Records shown:
· · · · · · ·
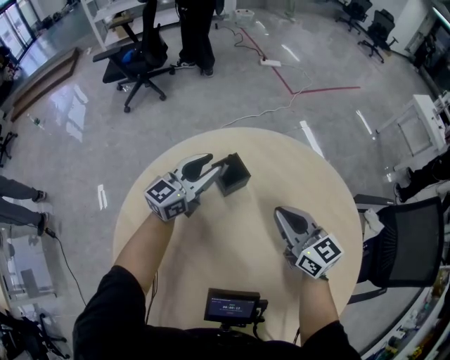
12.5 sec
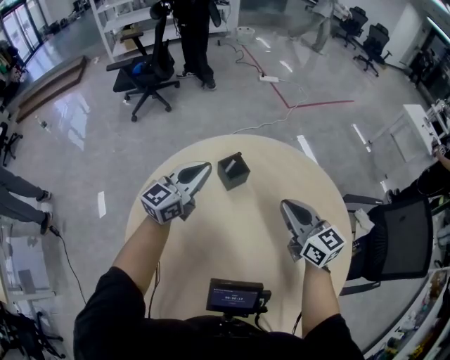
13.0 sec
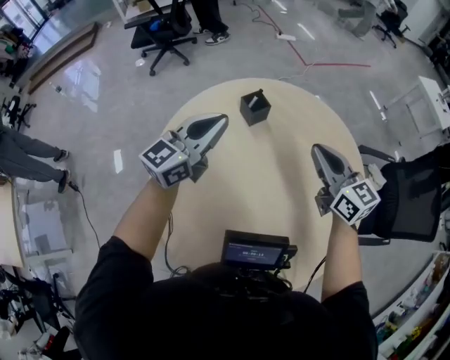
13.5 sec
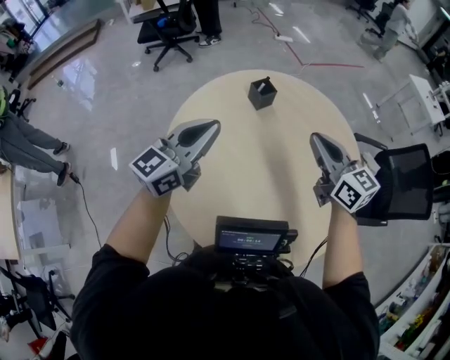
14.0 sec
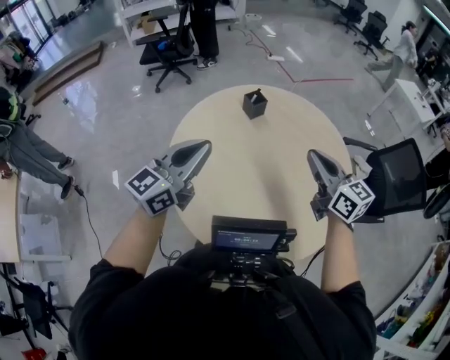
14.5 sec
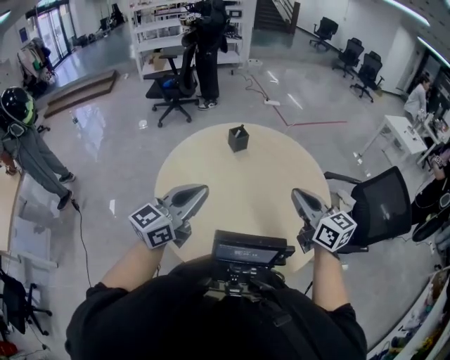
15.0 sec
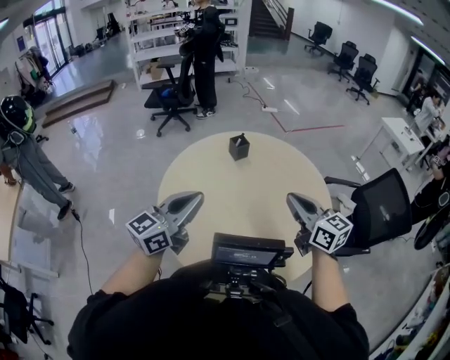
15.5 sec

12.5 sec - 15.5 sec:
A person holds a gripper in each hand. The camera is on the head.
· · · · · · ·
Assigned task: Transcribe the listing in full and omit the pictures.

Problem solution:
12.5 sec
13.0 sec
13.5 sec
14.0 sec
14.5 sec
15.0 sec
15.5 sec

12.5 sec - 15.5 sec:
A person holds a gripper in each hand. The camera is on the head.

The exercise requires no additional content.